Yonge Eglinton Centre is a complex comprising two office buildings situated on the northwest corner of Yonge and Eglinton in Toronto, Ontario, Canada, along with a small shopping concourse. It is located across the street from Canada Square and, at the time of its construction, was one of only a few large office towers north of Bloor Street. It is connected via an underground tunnel to Eglinton subway station.

AA revitalization project completed in 2016 added seven floors to 2300 Yonge Street and five floors to 20 Eglinton Avenue West, and also involved re-cladding the towers with curtain wall glass. A new publicly-accessible rooftop patio and green wall were also installed.

==History==
Construction began in the early 1970s through a partnership between Greenwin and Horizon developers, and involved the demolition of a Dominion supermarket, an F.W. Woolworth store, and several residential homes to the west.

The project was completed in several phases.
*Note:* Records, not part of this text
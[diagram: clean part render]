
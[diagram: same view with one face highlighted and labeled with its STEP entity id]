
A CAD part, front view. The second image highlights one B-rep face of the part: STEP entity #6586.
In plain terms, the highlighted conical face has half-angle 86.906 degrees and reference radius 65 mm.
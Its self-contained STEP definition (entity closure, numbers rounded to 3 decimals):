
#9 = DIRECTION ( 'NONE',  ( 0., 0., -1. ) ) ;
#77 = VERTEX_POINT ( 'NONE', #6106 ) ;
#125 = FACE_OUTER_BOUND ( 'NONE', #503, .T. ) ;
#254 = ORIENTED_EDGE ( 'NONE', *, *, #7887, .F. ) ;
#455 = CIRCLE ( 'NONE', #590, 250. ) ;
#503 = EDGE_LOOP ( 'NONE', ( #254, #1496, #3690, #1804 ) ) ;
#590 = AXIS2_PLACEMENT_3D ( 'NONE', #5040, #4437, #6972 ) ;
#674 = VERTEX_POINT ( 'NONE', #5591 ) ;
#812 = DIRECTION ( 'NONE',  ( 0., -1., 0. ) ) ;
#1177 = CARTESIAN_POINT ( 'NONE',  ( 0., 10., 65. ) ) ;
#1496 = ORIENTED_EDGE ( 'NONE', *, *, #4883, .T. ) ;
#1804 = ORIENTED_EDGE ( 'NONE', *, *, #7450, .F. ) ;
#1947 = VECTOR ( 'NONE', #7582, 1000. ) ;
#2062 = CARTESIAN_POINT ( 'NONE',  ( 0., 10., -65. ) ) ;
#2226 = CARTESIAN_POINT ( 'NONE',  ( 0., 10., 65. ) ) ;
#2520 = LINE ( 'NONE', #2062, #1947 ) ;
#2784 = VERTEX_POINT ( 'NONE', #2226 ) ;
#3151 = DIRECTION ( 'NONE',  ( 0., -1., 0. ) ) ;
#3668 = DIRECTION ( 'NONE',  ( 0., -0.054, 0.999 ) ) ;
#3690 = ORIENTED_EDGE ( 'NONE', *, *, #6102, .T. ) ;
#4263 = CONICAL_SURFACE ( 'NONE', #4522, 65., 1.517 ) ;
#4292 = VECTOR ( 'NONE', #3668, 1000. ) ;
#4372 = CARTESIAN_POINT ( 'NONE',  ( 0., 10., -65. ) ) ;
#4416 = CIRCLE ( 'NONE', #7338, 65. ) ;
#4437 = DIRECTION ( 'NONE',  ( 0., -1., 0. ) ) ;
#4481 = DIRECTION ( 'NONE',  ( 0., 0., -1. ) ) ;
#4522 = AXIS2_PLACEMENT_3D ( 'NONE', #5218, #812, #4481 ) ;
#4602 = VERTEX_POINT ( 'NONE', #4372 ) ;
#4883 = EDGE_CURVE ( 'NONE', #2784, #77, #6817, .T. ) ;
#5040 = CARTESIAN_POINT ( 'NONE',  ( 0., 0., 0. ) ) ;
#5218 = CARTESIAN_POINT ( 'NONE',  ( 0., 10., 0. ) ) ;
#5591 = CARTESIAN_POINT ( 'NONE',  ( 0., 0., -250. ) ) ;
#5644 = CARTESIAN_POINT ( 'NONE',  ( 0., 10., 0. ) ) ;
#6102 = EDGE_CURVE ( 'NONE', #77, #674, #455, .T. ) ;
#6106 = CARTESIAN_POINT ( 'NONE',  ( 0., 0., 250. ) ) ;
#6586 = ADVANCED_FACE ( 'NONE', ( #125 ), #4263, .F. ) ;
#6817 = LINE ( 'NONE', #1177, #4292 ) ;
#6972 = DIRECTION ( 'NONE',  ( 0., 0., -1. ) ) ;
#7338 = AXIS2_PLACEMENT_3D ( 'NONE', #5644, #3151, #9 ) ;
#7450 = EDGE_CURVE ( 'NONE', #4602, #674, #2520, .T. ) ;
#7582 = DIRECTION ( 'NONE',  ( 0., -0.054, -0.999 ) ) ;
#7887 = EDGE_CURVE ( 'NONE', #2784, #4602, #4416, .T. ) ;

The first phase involved constructing a 23-storey rental apartment building at 411 Duplex Avenue, followed by the development of 20 Eglinton West and half of the retail concourse.

Phase Two involved completing the remaining retail space across the entire block and constructing the second office tower at 2300 Yonge Street.

The final phase involved building a large rental apartment complex at 33 Orchardview.

==Buildings==
===2300 Yonge Street===
The tower is anchored by the complex owners, RioCan, who relocated their head office to Tower I in 2007. The building houses many offices and retail shops in the lobby, and provides TTC subway access via a concourse-level tunnel.

===Retail Complex===

There are three levels for retail space below the towers. The Yonge Eglinton Centre houses over 65 stores and services:

- The Fresh Tea Shop
- Winners
- GoodLife Fitness
- Cineplex VIP
- Pickle Barrel
- Indigo Books
- Urban Outfitters
- Metro - originally as Dominion which occupied the site before the complex was built
- HSBC - changed to RBC after HSBC pulled out of Canada and sold retail arm in 2024
- Rexall
- Sephora
- Tim Hortons

In 1973, T. Eaton Company opened one of its Horizon discount department stores at the property. The space was converted to a regular Eaton's store upon the closure of the Horizon chain in January 1978; the Eaton's store closed in the 1990s. Floor space is now used by Winners, Pickle Barrel and GoodLife Fitness.